Having recently polished off some revisions to my book about manuscripts of Leo the Great, I’m working through an article about John Cassian and Evagrius Ponticus, based on research I did as an MA student in 2009. Besides 11 years of scholarship having transpired, I’m also aware of how much Evagrius I did not read back then. I had read all of The PraktikosChapters on Prayer, and Kephalaia Gnostica, and (in standard MA student fashion) I had used the index to Robert Sinkewicz, Evagrius of Pontus: The Greek Ascetic Corpus.

But the Gnostikos, the letters, the scholia on Scripture — I did not read these. I did not even know the scholia existed until this past summer!

But where can a person easily get his or her hands on the works of Evagrius? I have access to university libraries, but the quality of their holdings can vary widely. What about people who primarily use public libraries and do not wish to spend $80+?

Father Luke Dysinger, author of Psalmody and Prayer in the Writings of Evagrius Ponticus can help. His website, St. Evagrius Ponticus, includes texts and translations of much Evagrian material. Not all, mind you. It is a work in progress. But it is a place to start. Here you can find PraktikosGnostikosKephalaia GnosticaOn the Thoughts (Peri Logismon), On PrayerSkemmataSentencesAntirrhetikosOn PsalmsOn Proverbs, On EcclesiastesOn Job, and Letters.

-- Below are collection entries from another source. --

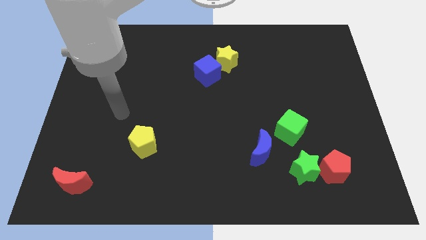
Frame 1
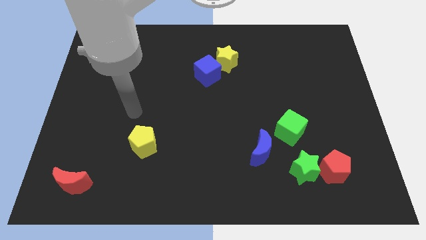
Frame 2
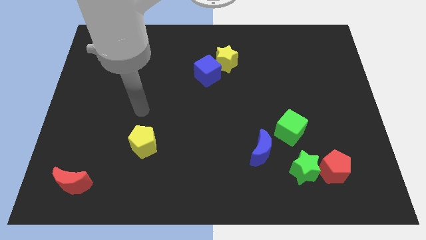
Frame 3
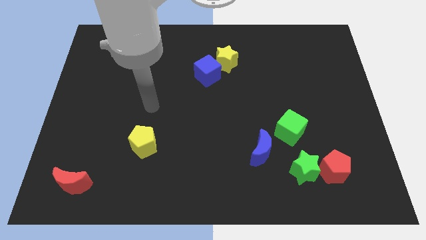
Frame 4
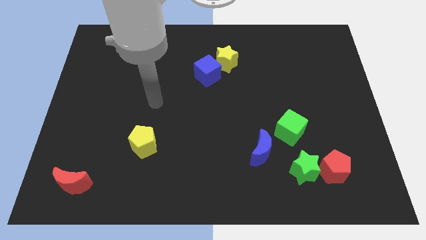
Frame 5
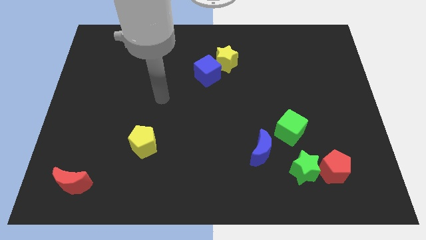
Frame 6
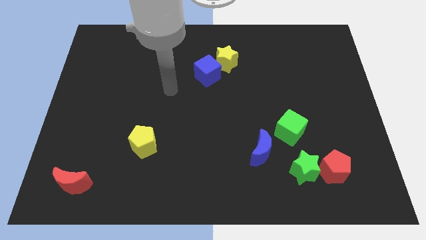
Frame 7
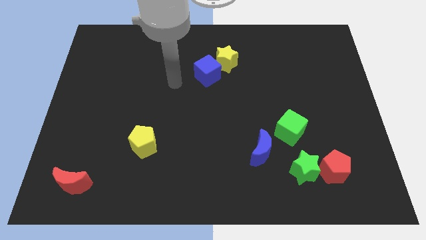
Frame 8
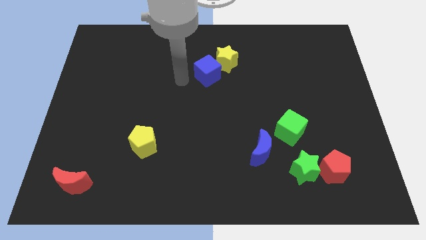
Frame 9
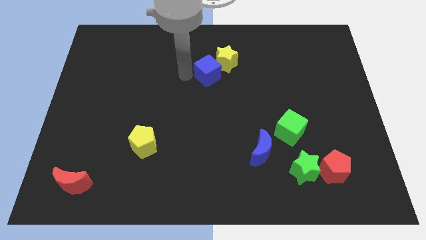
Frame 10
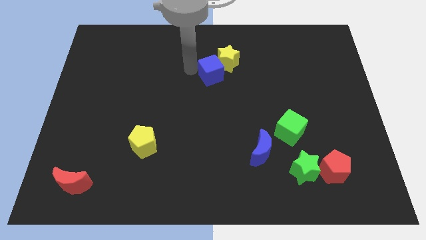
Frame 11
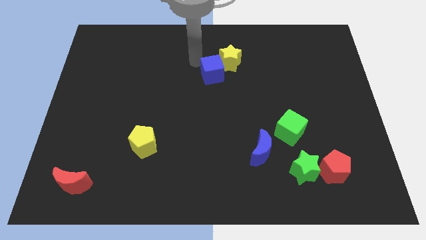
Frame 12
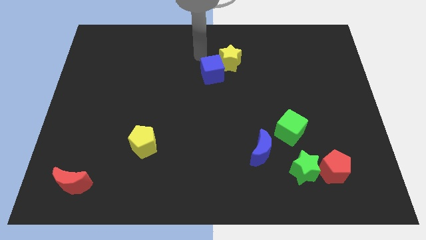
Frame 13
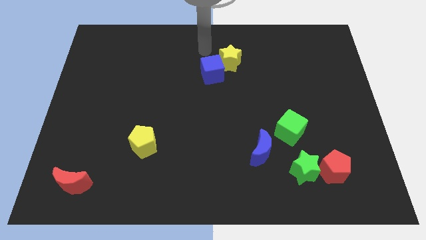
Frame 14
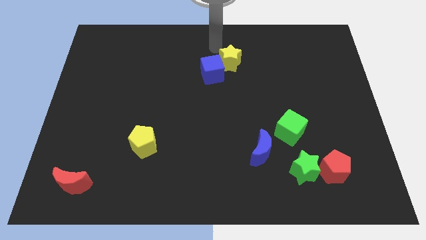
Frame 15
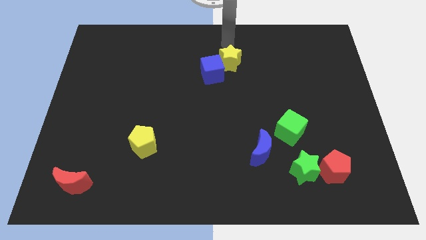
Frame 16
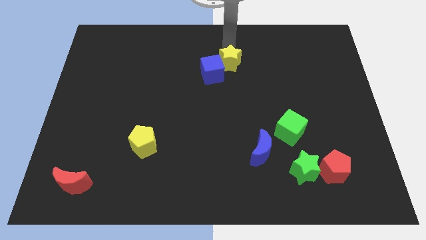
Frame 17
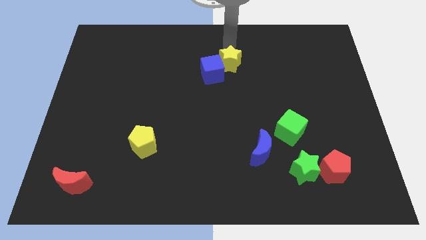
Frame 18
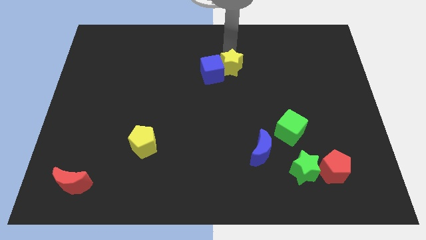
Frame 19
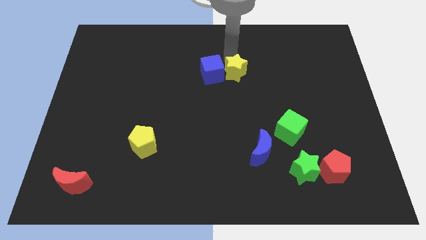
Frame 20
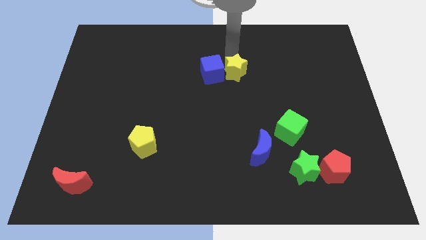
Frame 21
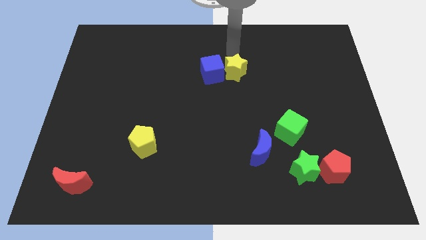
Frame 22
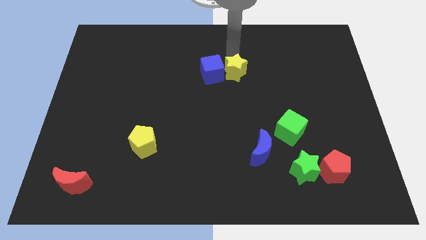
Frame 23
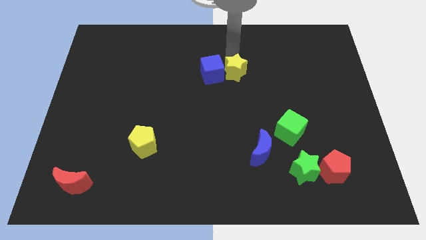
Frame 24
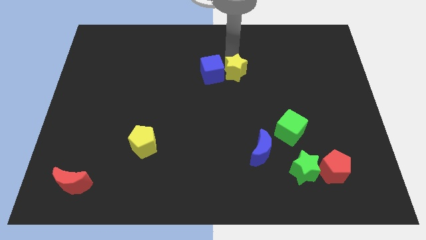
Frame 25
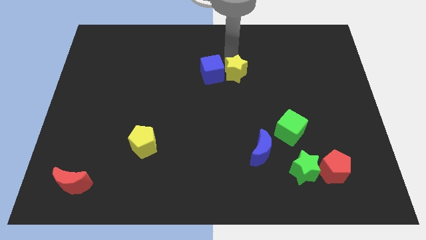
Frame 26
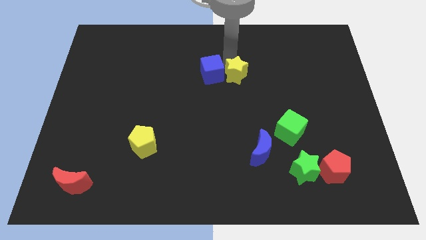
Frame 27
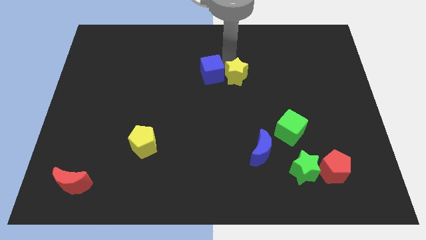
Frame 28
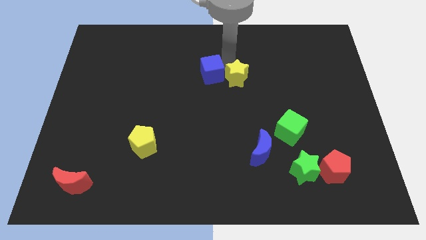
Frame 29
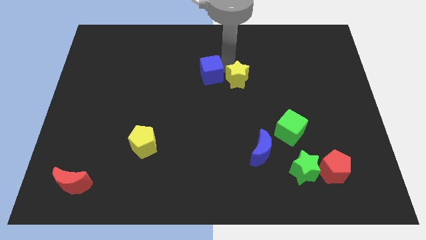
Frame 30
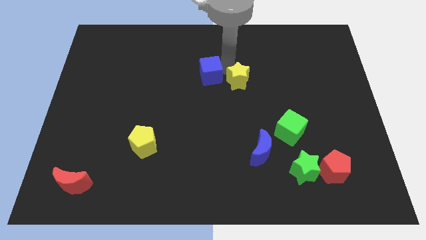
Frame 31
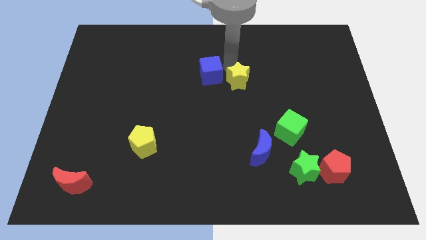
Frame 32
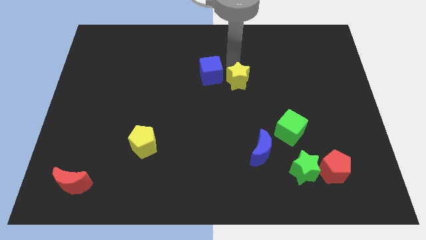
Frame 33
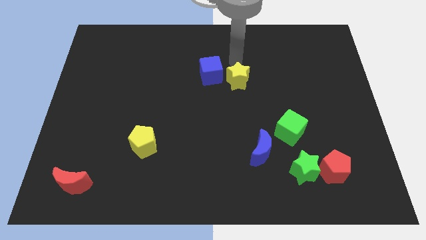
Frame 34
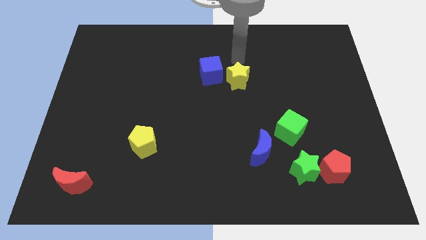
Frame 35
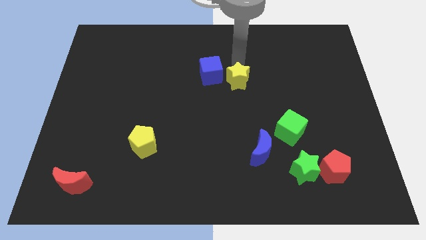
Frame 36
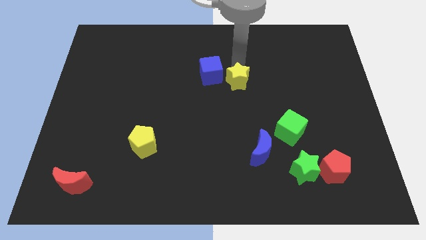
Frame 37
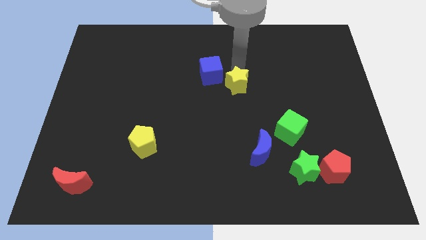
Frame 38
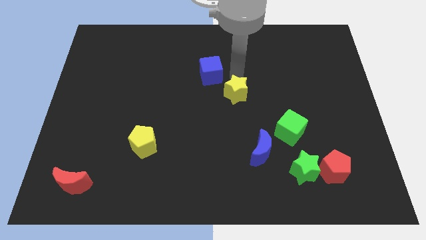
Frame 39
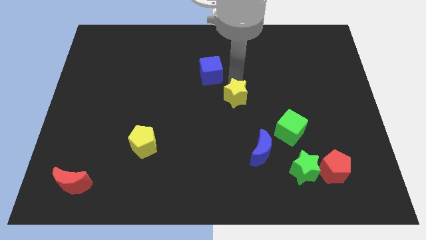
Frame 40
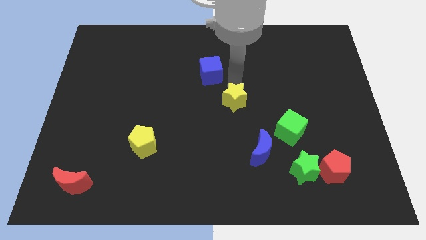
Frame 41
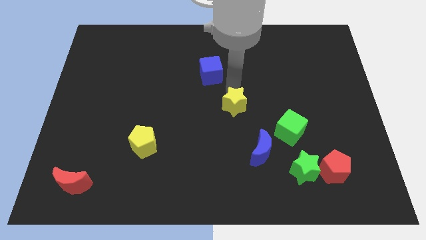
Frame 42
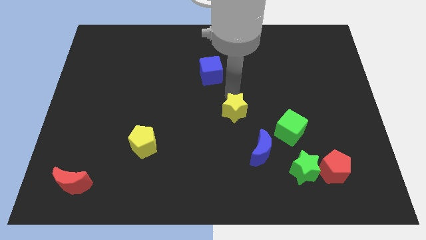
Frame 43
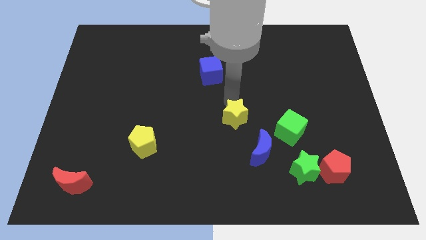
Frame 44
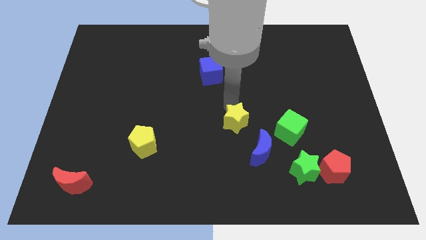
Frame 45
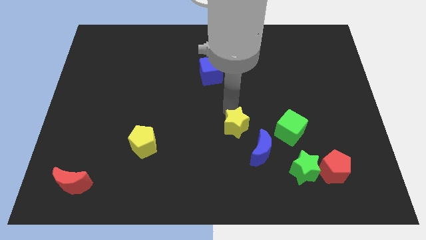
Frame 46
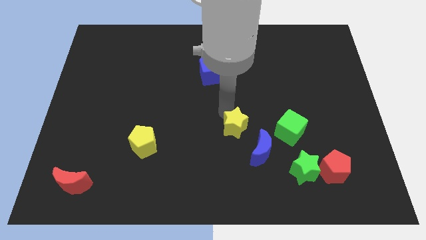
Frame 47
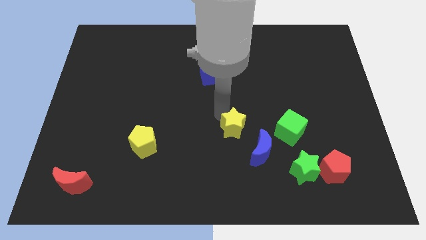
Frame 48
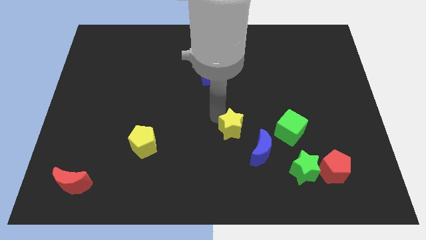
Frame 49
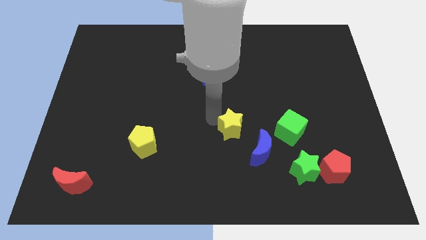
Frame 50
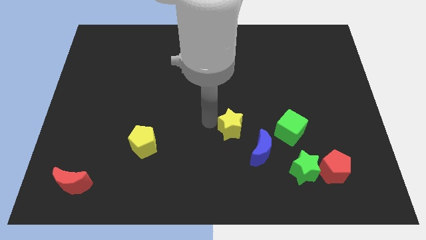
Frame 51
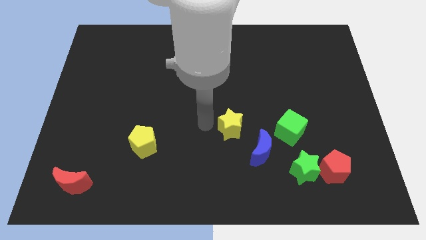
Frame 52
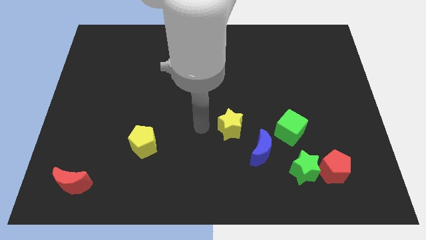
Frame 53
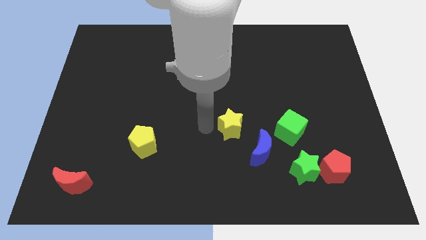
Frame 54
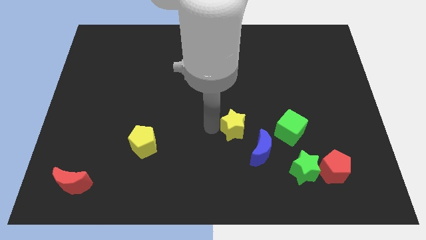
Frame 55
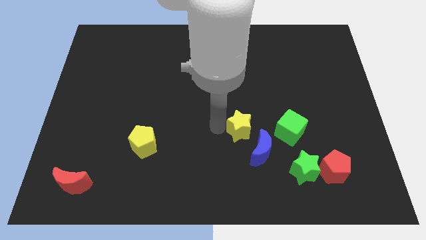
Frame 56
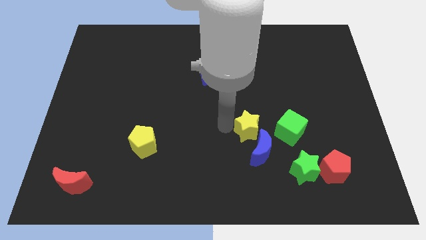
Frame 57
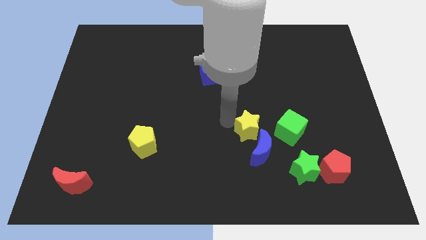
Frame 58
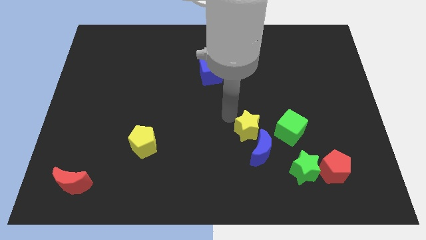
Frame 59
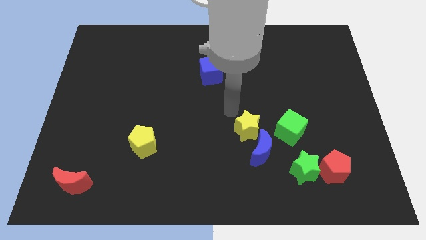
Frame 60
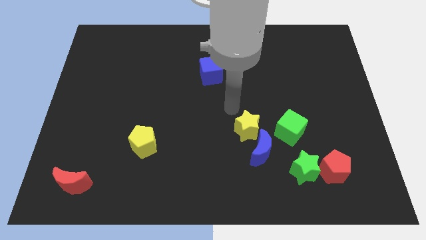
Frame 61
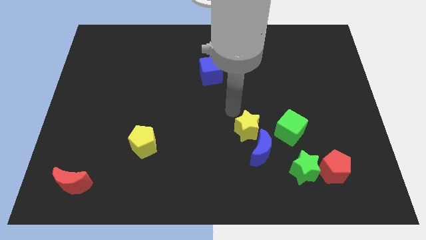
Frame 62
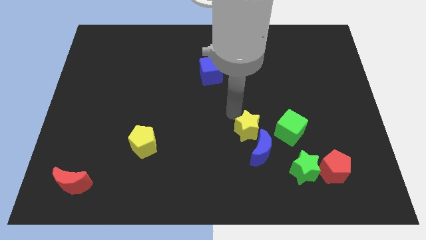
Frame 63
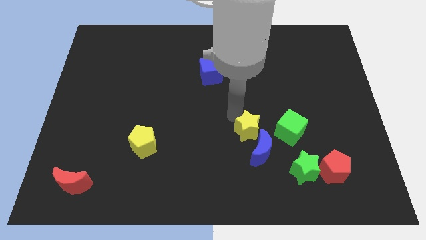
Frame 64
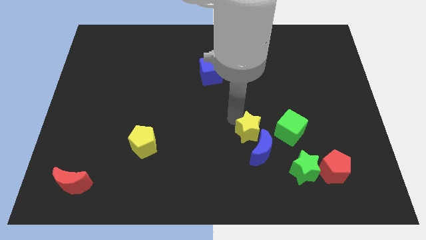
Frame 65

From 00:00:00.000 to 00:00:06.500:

Father Luke also provides an introduction to Evagrius, and pages on secondary sources, themes, and early monasticism. It looks to be a great resource; I’ve been using it for some of the material. Unfortunately, I’m going to need the full scholia on the Psalms, and we’re all on lock-down from coronavirus right now, so getting to a library is hard …

But why read Evagrius in the first place?

For some of you, I may be putting the cart before the horse. Why even read Evagrius? Wasn’t he some sort of heretic? Well, in the words of an Orthodox monk, he was also a saint!

Evagrius Ponticus was a highly influential spiritual master living in the Egyptian desert in later fourth century. His spiritual theology deeply influenced St John Cassian, one of the fathers of Latin monasticism, and, even after his posthumous condemnation as a heretic over 150 years after his death, he continued to be read throughout the Greek Middle Ages, often under another’s name, usually St Nilus of Ancyra. Beyond the Byzantine world, he was read in Syriac, Armenian, and Arabic, and continued to be an influential father in the eastern Christian tradition.

His teaching is psychologically nuanced and acute. He perceives the roots of our disordered hearts and seeks to give us advice to bind us firmly to the Most Holy Trinity. Many have found both his praktike — practical teaching — and theoretike — contemplative teaching — of enormous value. So, regardless of his influence, regardless of how orthodox (or not) he was, St Evagrius of Pontus is a figure worth getting to know for your own sake.

He can help us become more watchful against the eight evil thoughts, and then ascend through contemplation to the Most Holy Trinity. Sounds good to me.